-------- Information provided
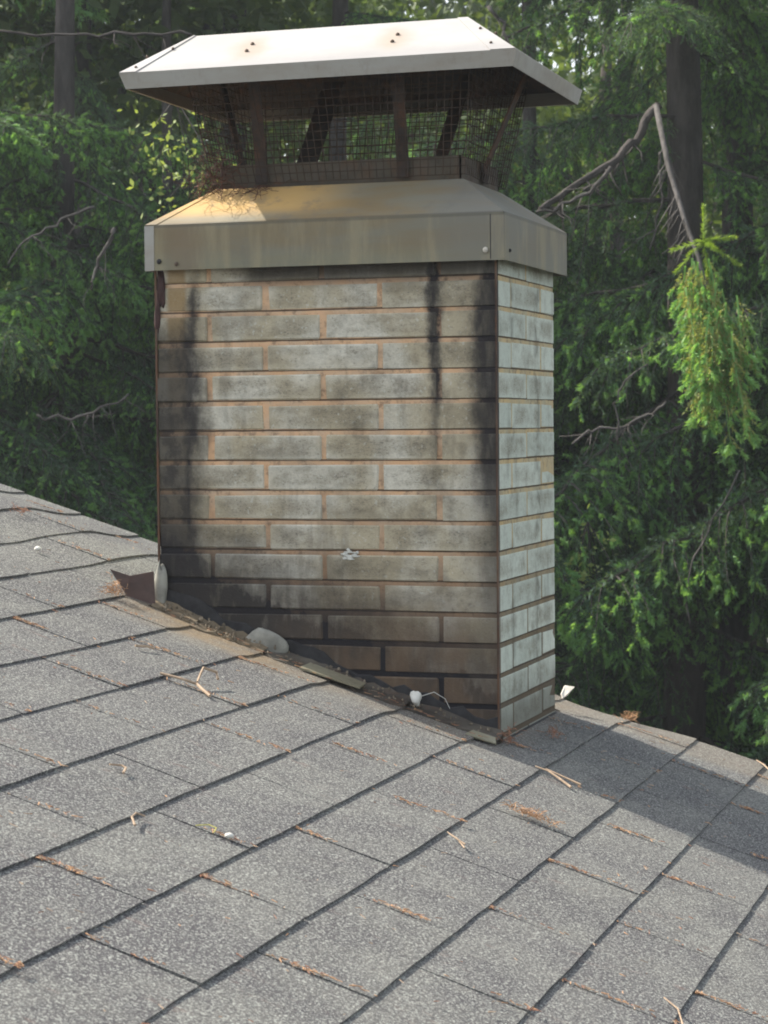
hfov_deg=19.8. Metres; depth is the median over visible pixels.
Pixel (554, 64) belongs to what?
sky
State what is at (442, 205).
chimney cap
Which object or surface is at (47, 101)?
broadleaf tree
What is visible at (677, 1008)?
twig
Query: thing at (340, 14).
spruce tree
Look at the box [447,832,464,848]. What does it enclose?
twig
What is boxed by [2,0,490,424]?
broadleaf tree
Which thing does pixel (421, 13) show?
broadleaf tree
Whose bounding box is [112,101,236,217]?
leafy spray
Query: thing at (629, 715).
needle clump
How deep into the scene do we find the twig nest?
3.81 m
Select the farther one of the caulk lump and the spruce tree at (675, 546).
the spruce tree at (675, 546)
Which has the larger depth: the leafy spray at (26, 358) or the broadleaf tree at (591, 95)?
the broadleaf tree at (591, 95)
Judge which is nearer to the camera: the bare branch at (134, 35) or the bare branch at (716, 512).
the bare branch at (134, 35)
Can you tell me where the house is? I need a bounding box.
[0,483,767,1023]
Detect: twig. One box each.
[109,763,126,773]
[131,812,144,825]
[135,644,153,648]
[160,667,218,696]
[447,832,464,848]
[535,766,581,787]
[663,997,682,1023]
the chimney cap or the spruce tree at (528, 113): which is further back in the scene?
the spruce tree at (528, 113)
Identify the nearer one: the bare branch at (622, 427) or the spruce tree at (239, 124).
the bare branch at (622, 427)
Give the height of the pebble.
0.008 m
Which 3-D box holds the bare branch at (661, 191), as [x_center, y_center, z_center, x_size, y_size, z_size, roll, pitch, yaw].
[1.078,-1.228,8.905,0.202,0.450,0.198,-2,3,-40]
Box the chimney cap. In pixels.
[119,17,581,275]
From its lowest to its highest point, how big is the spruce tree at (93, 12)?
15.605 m
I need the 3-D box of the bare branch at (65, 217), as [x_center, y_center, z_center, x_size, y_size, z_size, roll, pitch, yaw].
[-1.194,-0.978,7.870,0.322,0.237,0.169,0,2,18]
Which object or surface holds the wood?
on the ground
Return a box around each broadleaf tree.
[0,0,288,425]
[0,0,322,482]
[0,0,503,213]
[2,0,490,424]
[92,0,641,291]
[270,0,767,569]
[277,108,613,427]
[538,6,767,628]
[554,210,767,685]
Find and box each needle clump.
[13,504,31,513]
[98,574,127,597]
[497,723,525,743]
[500,800,559,827]
[537,724,565,741]
[616,711,639,723]
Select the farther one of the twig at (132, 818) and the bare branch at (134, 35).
the bare branch at (134, 35)
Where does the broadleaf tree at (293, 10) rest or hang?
on the ground
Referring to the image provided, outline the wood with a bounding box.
[0,0,767,646]
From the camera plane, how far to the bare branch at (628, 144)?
8.69 m
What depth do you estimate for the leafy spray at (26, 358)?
8.86 m
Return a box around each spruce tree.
[0,0,160,540]
[0,0,219,490]
[0,102,237,542]
[29,0,173,529]
[53,0,246,475]
[112,0,638,548]
[351,0,767,760]
[492,0,767,724]
[496,0,767,757]
[553,14,767,766]
[554,23,767,753]
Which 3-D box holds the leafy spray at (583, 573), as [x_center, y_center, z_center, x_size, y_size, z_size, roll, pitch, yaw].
[0.810,0.255,8.597,0.410,0.591,0.471,-2,3,-40]
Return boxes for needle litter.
[0,499,767,1023]
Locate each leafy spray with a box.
[0,281,71,414]
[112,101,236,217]
[554,503,643,651]
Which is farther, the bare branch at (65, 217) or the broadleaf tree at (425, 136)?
the broadleaf tree at (425, 136)
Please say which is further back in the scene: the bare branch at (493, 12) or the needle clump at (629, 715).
the bare branch at (493, 12)
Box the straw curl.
[196,824,216,832]
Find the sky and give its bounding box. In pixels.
[284,0,712,238]
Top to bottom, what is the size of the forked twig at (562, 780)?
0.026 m
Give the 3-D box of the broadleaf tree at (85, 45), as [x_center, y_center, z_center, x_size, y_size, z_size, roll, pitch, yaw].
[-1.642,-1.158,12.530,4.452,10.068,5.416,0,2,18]
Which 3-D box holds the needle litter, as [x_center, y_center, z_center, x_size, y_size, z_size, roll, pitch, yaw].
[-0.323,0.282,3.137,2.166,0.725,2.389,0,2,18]
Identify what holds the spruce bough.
attached to the spruce tree at (683, 690)
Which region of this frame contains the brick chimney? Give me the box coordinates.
[154,260,554,738]
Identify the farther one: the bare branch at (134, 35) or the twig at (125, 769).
the bare branch at (134, 35)
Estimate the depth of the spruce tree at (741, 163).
10.50 m
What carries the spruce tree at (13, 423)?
on the ground
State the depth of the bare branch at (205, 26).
12.85 m
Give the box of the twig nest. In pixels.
[169,128,301,203]
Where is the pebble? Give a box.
[225,832,233,838]
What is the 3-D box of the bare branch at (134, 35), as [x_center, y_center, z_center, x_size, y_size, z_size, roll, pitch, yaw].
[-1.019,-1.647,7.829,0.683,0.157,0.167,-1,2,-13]
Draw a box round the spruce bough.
[638,104,767,461]
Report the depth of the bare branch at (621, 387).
8.24 m
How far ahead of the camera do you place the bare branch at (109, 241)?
7.90 m
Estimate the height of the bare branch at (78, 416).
0.234 m
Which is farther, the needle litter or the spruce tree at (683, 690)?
the spruce tree at (683, 690)
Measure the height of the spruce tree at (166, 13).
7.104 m
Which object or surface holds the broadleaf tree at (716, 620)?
on the ground
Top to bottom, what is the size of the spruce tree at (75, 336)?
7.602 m
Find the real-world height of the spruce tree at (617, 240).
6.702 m
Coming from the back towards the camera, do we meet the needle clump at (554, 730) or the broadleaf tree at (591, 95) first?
the broadleaf tree at (591, 95)
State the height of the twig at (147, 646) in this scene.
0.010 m
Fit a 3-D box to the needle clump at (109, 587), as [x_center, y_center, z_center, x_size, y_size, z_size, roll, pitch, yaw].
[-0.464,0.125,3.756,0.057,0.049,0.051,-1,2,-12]
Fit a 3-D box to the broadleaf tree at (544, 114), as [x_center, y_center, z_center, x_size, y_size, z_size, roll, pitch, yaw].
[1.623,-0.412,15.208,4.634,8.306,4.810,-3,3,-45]
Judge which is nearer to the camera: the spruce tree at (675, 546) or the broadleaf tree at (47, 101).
the spruce tree at (675, 546)
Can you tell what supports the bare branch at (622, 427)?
attached to the spruce tree at (683, 690)
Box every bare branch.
[0,30,191,69]
[7,206,94,266]
[37,393,146,457]
[83,227,130,312]
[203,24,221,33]
[486,5,518,43]
[536,166,620,243]
[538,102,661,231]
[569,401,680,468]
[608,363,647,451]
[617,152,684,264]
[685,470,739,637]
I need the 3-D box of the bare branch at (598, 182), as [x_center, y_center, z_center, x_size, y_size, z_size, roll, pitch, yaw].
[0.722,-1.190,8.559,0.336,0.296,0.235,1,3,32]
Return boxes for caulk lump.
[410,691,421,707]

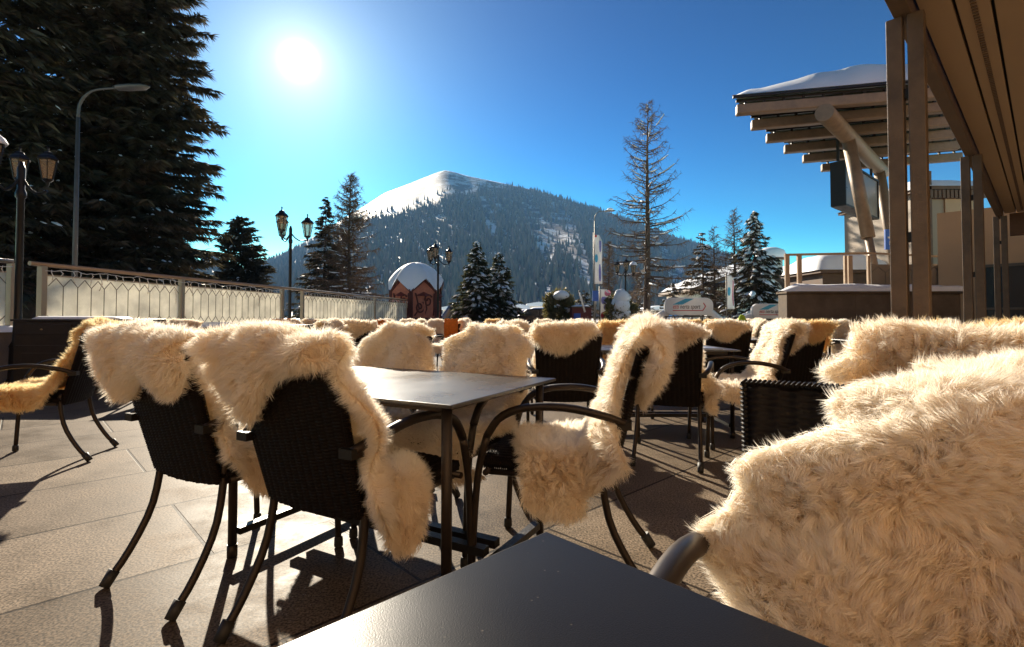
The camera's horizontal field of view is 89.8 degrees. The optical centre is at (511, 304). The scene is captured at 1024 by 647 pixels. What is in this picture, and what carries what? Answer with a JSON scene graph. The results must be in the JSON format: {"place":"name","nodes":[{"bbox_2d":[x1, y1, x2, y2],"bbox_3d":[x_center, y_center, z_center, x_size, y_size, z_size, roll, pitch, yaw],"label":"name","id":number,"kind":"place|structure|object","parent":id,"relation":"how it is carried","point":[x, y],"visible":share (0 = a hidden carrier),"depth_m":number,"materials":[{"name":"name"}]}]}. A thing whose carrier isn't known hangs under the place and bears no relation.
----------------
§ **Work required**
Only the pictures are to be left out; print everything else in the listing exactly.

§ **Response**
hfov_deg=19.8. Metres; depth is the median over visible pixels.
Pixel (554, 64) belongs to what?
sky
State what is at (442, 205).
chimney cap
Which object or surface is at (47, 101)?
broadleaf tree
What is visible at (677, 1008)?
twig
Query: thing at (340, 14).
spruce tree
Look at the box [447,832,464,848]. What does it enclose?
twig
What is boxed by [2,0,490,424]?
broadleaf tree
Which thing does pixel (421, 13) show?
broadleaf tree
Whose bounding box is [112,101,236,217]?
leafy spray
Query: thing at (629, 715).
needle clump
How deep into the scene do we find the twig nest?
3.81 m
Select the farther one of the caulk lump and the spruce tree at (675, 546).
the spruce tree at (675, 546)
Which has the larger depth: the leafy spray at (26, 358) or the broadleaf tree at (591, 95)?
the broadleaf tree at (591, 95)
Judge which is nearer to the camera: the bare branch at (134, 35) or the bare branch at (716, 512).
the bare branch at (134, 35)
Can you tell me where the house is? I need a bounding box.
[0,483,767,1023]
Detect: twig. One box each.
[109,763,126,773]
[131,812,144,825]
[135,644,153,648]
[160,667,218,696]
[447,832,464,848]
[535,766,581,787]
[663,997,682,1023]
the chimney cap or the spruce tree at (528, 113): which is further back in the scene?
the spruce tree at (528, 113)
Identify the nearer one: the bare branch at (622, 427) or the spruce tree at (239, 124).
the bare branch at (622, 427)
Give the height of the pebble.
0.008 m
Which 3-D box holds the bare branch at (661, 191), as [x_center, y_center, z_center, x_size, y_size, z_size, roll, pitch, yaw].
[1.078,-1.228,8.905,0.202,0.450,0.198,-2,3,-40]
Box the chimney cap. In pixels.
[119,17,581,275]
From its lowest to its highest point, how big is the spruce tree at (93, 12)?
15.605 m
I need the 3-D box of the bare branch at (65, 217), as [x_center, y_center, z_center, x_size, y_size, z_size, roll, pitch, yaw].
[-1.194,-0.978,7.870,0.322,0.237,0.169,0,2,18]
Which object or surface holds the wood?
on the ground
Return a box around each broadleaf tree.
[0,0,288,425]
[0,0,322,482]
[0,0,503,213]
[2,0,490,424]
[92,0,641,291]
[270,0,767,569]
[277,108,613,427]
[538,6,767,628]
[554,210,767,685]
Find and box each needle clump.
[13,504,31,513]
[98,574,127,597]
[497,723,525,743]
[500,800,559,827]
[537,724,565,741]
[616,711,639,723]
Select the farther one of the twig at (132, 818) and the bare branch at (134, 35).
the bare branch at (134, 35)
Where does the broadleaf tree at (293, 10) rest or hang?
on the ground
Referring to the image provided, outline the wood with a bounding box.
[0,0,767,646]
From the camera plane, how far to the bare branch at (628, 144)?
8.69 m
What depth do you estimate for the leafy spray at (26, 358)?
8.86 m
Return a box around each spruce tree.
[0,0,160,540]
[0,0,219,490]
[0,102,237,542]
[29,0,173,529]
[53,0,246,475]
[112,0,638,548]
[351,0,767,760]
[492,0,767,724]
[496,0,767,757]
[553,14,767,766]
[554,23,767,753]
Which 3-D box holds the leafy spray at (583, 573), as [x_center, y_center, z_center, x_size, y_size, z_size, roll, pitch, yaw].
[0.810,0.255,8.597,0.410,0.591,0.471,-2,3,-40]
Return boxes for needle litter.
[0,499,767,1023]
Locate each leafy spray with a box.
[0,281,71,414]
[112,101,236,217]
[554,503,643,651]
Which is farther, the bare branch at (65, 217) or the broadleaf tree at (425, 136)?
the broadleaf tree at (425, 136)
Please say which is further back in the scene: the bare branch at (493, 12) or the needle clump at (629, 715).
the bare branch at (493, 12)
Box the straw curl.
[196,824,216,832]
Find the sky and give its bounding box. In pixels.
[284,0,712,238]
Top to bottom, what is the size of the forked twig at (562, 780)?
0.026 m
Give the 3-D box of the broadleaf tree at (85, 45), as [x_center, y_center, z_center, x_size, y_size, z_size, roll, pitch, yaw].
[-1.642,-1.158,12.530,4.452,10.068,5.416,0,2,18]
Which 3-D box holds the needle litter, as [x_center, y_center, z_center, x_size, y_size, z_size, roll, pitch, yaw].
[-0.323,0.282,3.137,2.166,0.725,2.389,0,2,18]
Identify what holds the spruce bough.
attached to the spruce tree at (683, 690)
Which region of this frame contains the brick chimney? Give me the box coordinates.
[154,260,554,738]
Identify the farther one: the bare branch at (134, 35) or the twig at (125, 769).
the bare branch at (134, 35)
Estimate the depth of the spruce tree at (741, 163).
10.50 m
What carries the spruce tree at (13, 423)?
on the ground
State the depth of the bare branch at (205, 26).
12.85 m
Give the box of the twig nest. In pixels.
[169,128,301,203]
Where is the pebble? Give a box.
[225,832,233,838]
What is the 3-D box of the bare branch at (134, 35), as [x_center, y_center, z_center, x_size, y_size, z_size, roll, pitch, yaw].
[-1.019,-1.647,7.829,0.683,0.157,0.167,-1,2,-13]
Draw a box round the spruce bough.
[638,104,767,461]
Report the depth of the bare branch at (621, 387).
8.24 m
How far ahead of the camera do you place the bare branch at (109, 241)?
7.90 m
Estimate the height of the bare branch at (78, 416).
0.234 m
Which is farther, the needle litter or the spruce tree at (683, 690)?
the spruce tree at (683, 690)
Measure the height of the spruce tree at (166, 13).
7.104 m
Which object or surface holds the broadleaf tree at (716, 620)?
on the ground
Top to bottom, what is the size of the spruce tree at (75, 336)?
7.602 m
Find the real-world height of the spruce tree at (617, 240).
6.702 m
Coming from the back towards the camera, do we meet the needle clump at (554, 730) or the broadleaf tree at (591, 95) first?
the broadleaf tree at (591, 95)
State the height of the twig at (147, 646) in this scene.
0.010 m
Fit a 3-D box to the needle clump at (109, 587), as [x_center, y_center, z_center, x_size, y_size, z_size, roll, pitch, yaw].
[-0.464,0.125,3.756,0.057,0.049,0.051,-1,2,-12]
Fit a 3-D box to the broadleaf tree at (544, 114), as [x_center, y_center, z_center, x_size, y_size, z_size, roll, pitch, yaw].
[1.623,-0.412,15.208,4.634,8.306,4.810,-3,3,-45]
Judge which is nearer to the camera: the spruce tree at (675, 546) or the broadleaf tree at (47, 101).
the spruce tree at (675, 546)
Can you tell what supports the bare branch at (622, 427)?
attached to the spruce tree at (683, 690)
Box every bare branch.
[0,30,191,69]
[7,206,94,266]
[37,393,146,457]
[83,227,130,312]
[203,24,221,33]
[486,5,518,43]
[536,166,620,243]
[538,102,661,231]
[569,401,680,468]
[608,363,647,451]
[617,152,684,264]
[685,470,739,637]
I need the 3-D box of the bare branch at (598, 182), as [x_center, y_center, z_center, x_size, y_size, z_size, roll, pitch, yaw].
[0.722,-1.190,8.559,0.336,0.296,0.235,1,3,32]
Return boxes for caulk lump.
[410,691,421,707]

The camera's horizontal field of view is 89.8 degrees. The optical centre is at (511, 304). The scene is captured at 1024 by 647 pixels. What is in this picture, and what carries what? Answer with a JSON scene graph. The results must be in the JSON format: {"place":"name","nodes":[{"bbox_2d":[x1, y1, x2, y2],"bbox_3d":[x_center, y_center, z_center, x_size, y_size, z_size, roll, pitch, yaw],"label":"name","id":number,"kind":"place|structure|object","parent":id,"relation":"how it is carried","point":[x, y],"visible":share (0 = a hidden carrier),"depth_m":number,"materials":[{"name":"name"}]}]}. A thing whose carrier isn't known hangs under the place and bears no relation.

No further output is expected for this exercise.